Task directions –
Wherever the line that contains "Touch camera, home-made" falls, repeat it and the lines after it exactly until the records end, without any pictures.
Recorded information section start
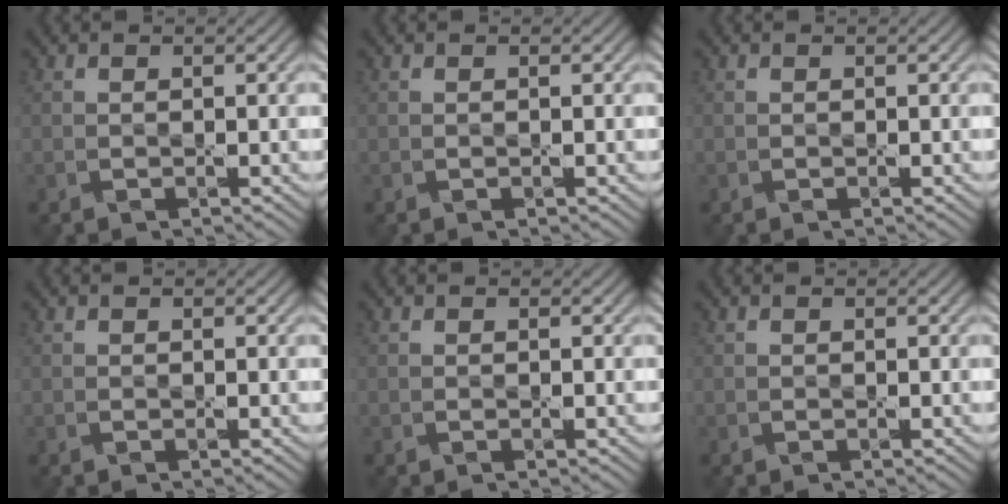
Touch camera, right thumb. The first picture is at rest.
{"total": 0.0}
{"total": 0.0}
{"total": 0.0}
{"total": 0.0}
{"total": 0.0}
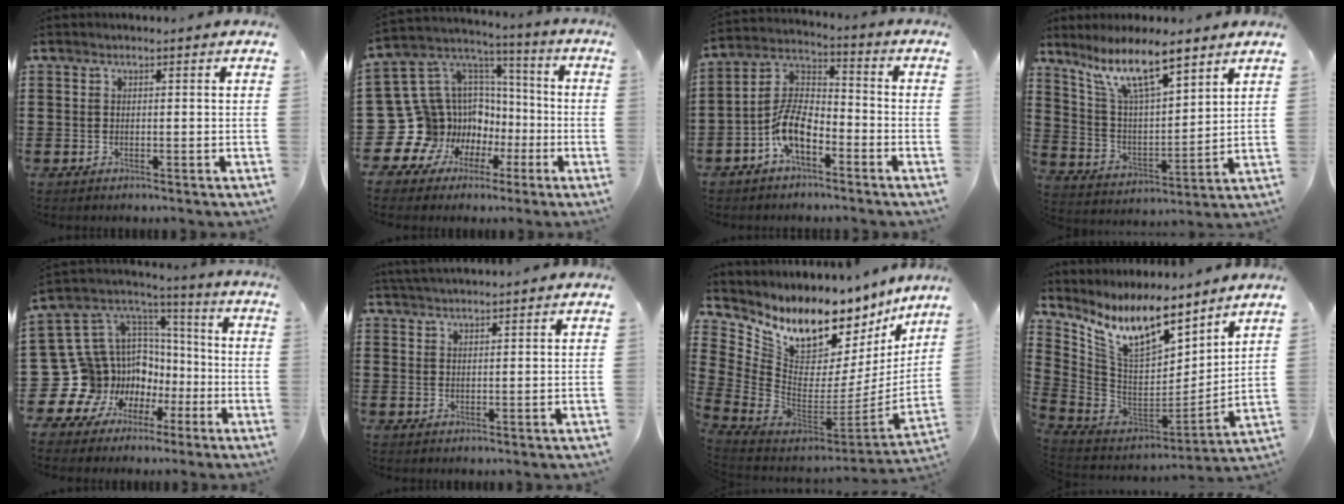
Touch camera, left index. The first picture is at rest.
{"total": 15.5, "force": [-5.1, 14.1, 3.9], "torque": [-0.149, -0.023, -0.046]}
{"total": 8.6, "force": [-4.7, 3.6, 6.3], "torque": [-0.155, -0.002, -0.097]}
{"total": 10.9, "force": [8.1, 2.5, 6.9], "torque": [-0.156, -0.024, 0.147]}
{"total": 14.8, "force": [-5.2, 13.4, 3.5], "torque": [-0.133, -0.028, -0.047]}
{"total": 2.5, "force": [2.5, -0.3, 0.3], "torque": [-0.011, -0.002, 0.049]}
{"total": 9.0, "force": [7.5, 3.9, 3.1], "torque": [-0.085, -0.092, 0.129]}
{"total": 12.8, "force": [9.0, 4.3, 8.1], "torque": [-0.188, -0.058, 0.159]}
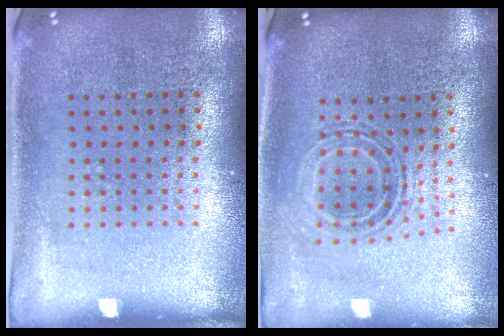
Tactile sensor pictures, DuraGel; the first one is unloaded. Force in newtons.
{"total": 0.7, "press": 0.7, "slide": 0.2}
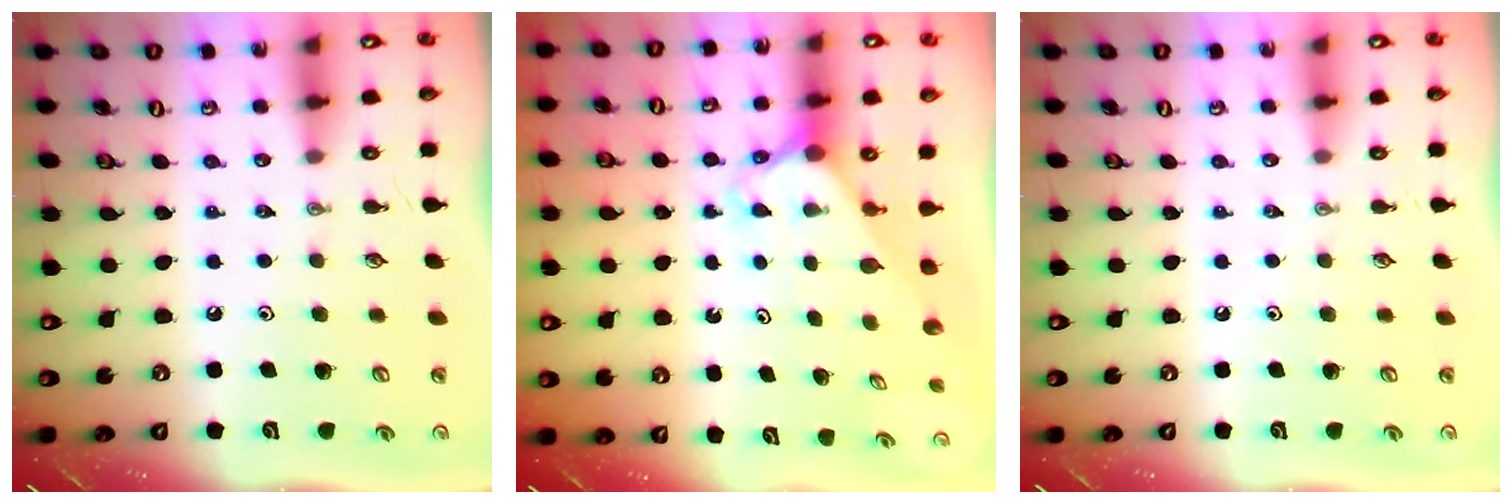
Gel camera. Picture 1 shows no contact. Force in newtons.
{"total": 2.3, "press": 2.3, "slide": 0.2}
{"total": 0.0}
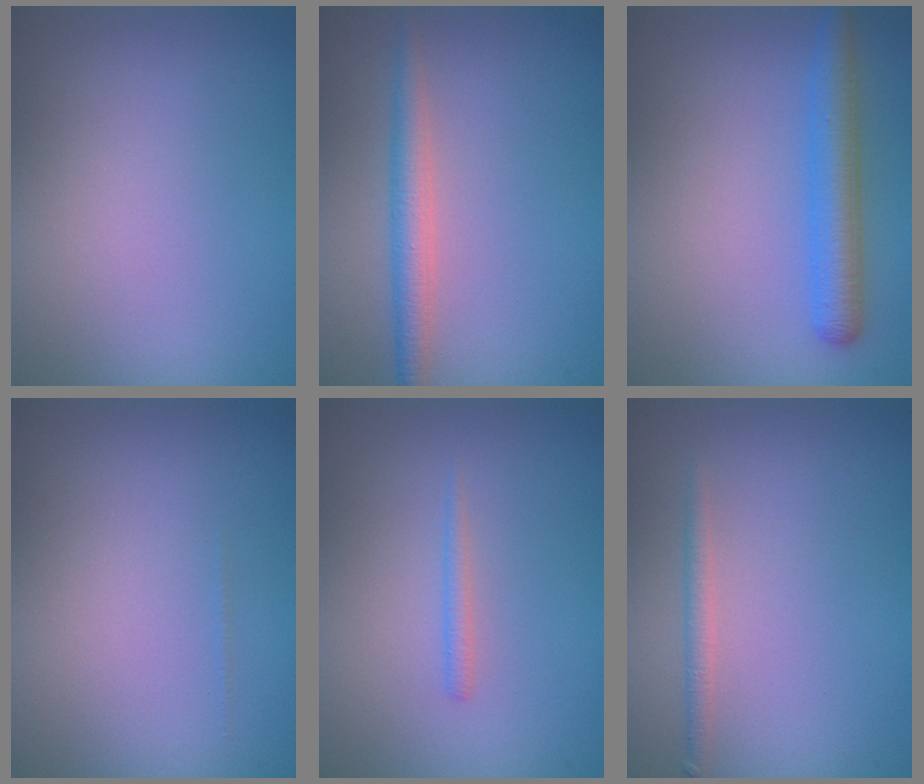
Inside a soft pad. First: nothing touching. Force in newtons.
{"total": 2.5, "press": 2.5, "slide": 0.1}
{"total": 3.4, "press": 3.4, "slide": 0.2}
{"total": 0.0}
{"total": 0.8, "press": 0.8, "slide": 0.1}
{"total": 1.1, "press": 1.1, "slide": 0.0}
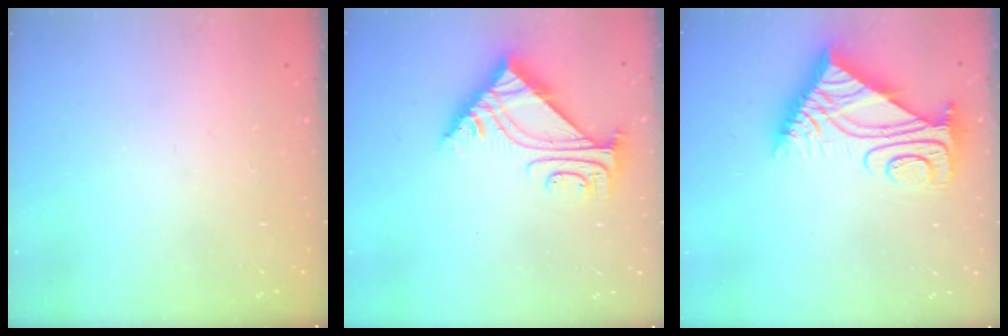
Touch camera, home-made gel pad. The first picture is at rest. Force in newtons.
{"total": 7.5, "press": 7.4, "slide": 0.8}
{"total": 8.7, "press": 8.7, "slide": 0.5}
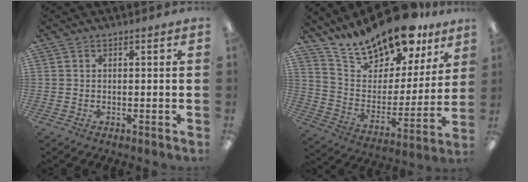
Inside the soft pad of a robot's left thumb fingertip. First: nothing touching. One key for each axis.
{"total": 18.4, "fx": 16.1, "fy": 6.2, "fz": 6.3, "tx": -0.126, "ty": -0.120, "tz": 0.284}
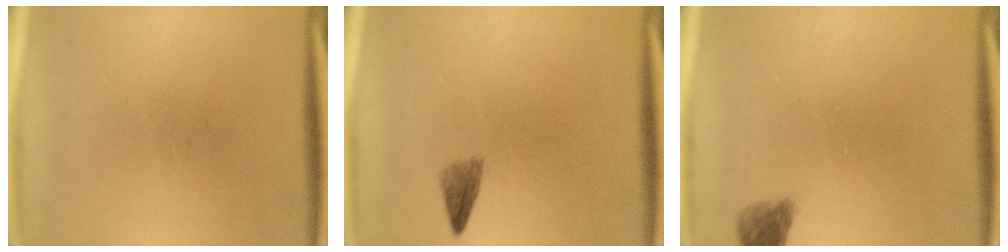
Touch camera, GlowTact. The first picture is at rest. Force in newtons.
{"total": 1.7}
{"total": 2.4}
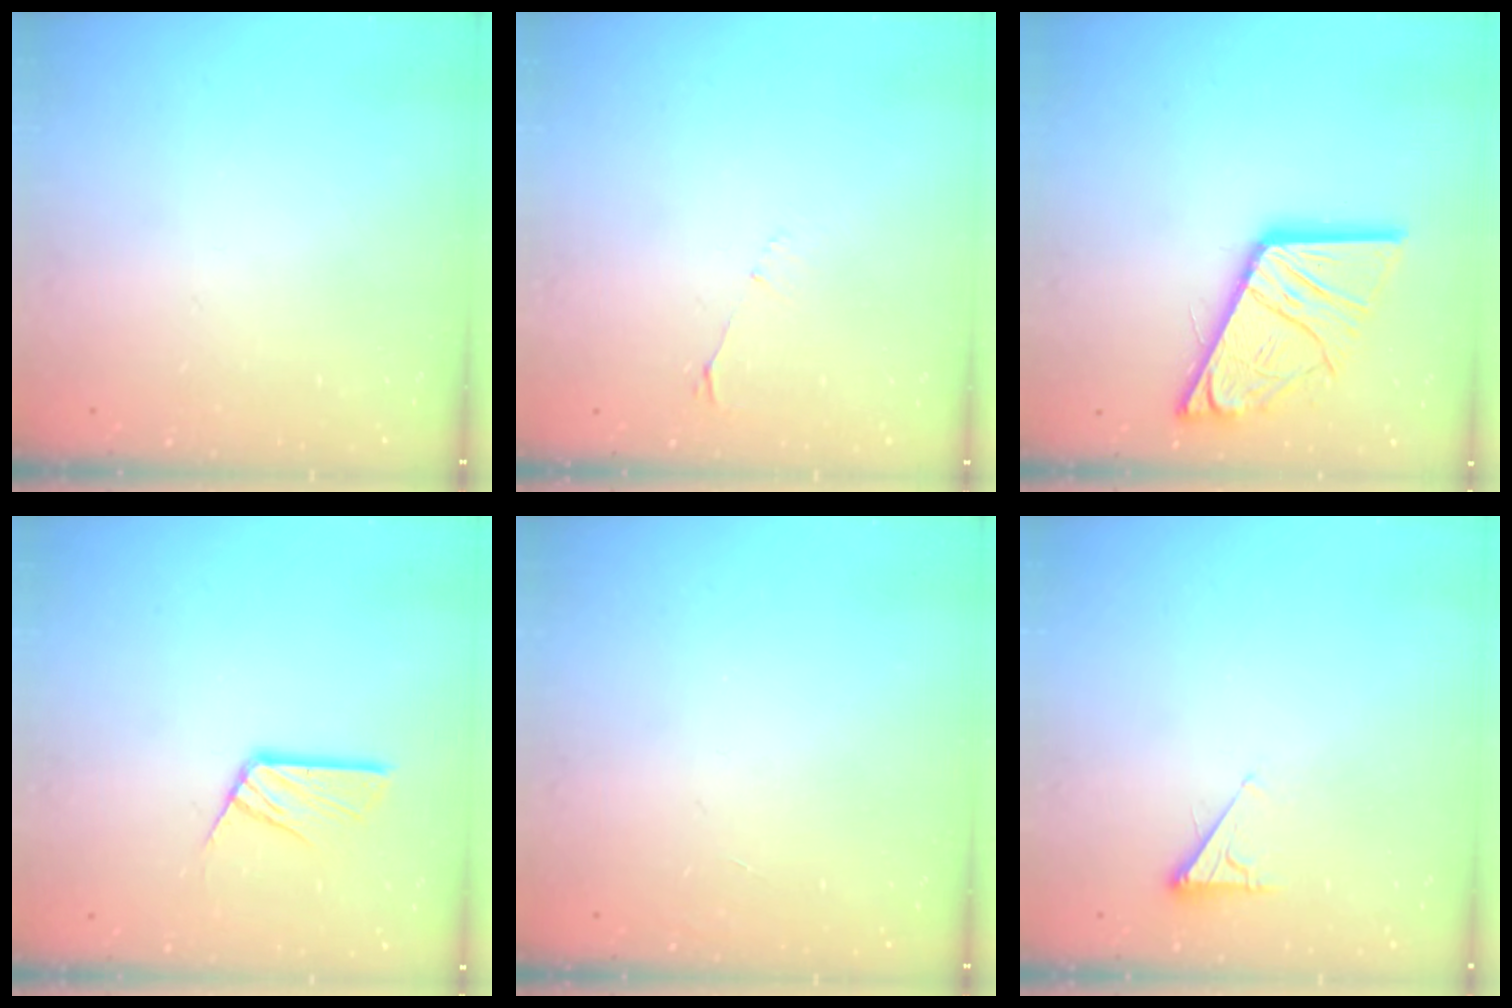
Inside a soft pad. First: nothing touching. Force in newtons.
Recorded information section end
Exercise answer –
Touch camera, home-made gel pad. The first picture is at rest. Force in newtons.
{"total": 7.5, "press": 7.4, "slide": 0.8}
{"total": 8.7, "press": 8.7, "slide": 0.5}
Inside the soft pad of a robot's left thumb fingertip. First: nothing touching. One key for each axis.
{"total": 18.4, "fx": 16.1, "fy": 6.2, "fz": 6.3, "tx": -0.126, "ty": -0.120, "tz": 0.284}
Touch camera, GlowTact. The first picture is at rest. Force in newtons.
{"total": 1.7}
{"total": 2.4}
Inside a soft pad. First: nothing touching. Force in newtons.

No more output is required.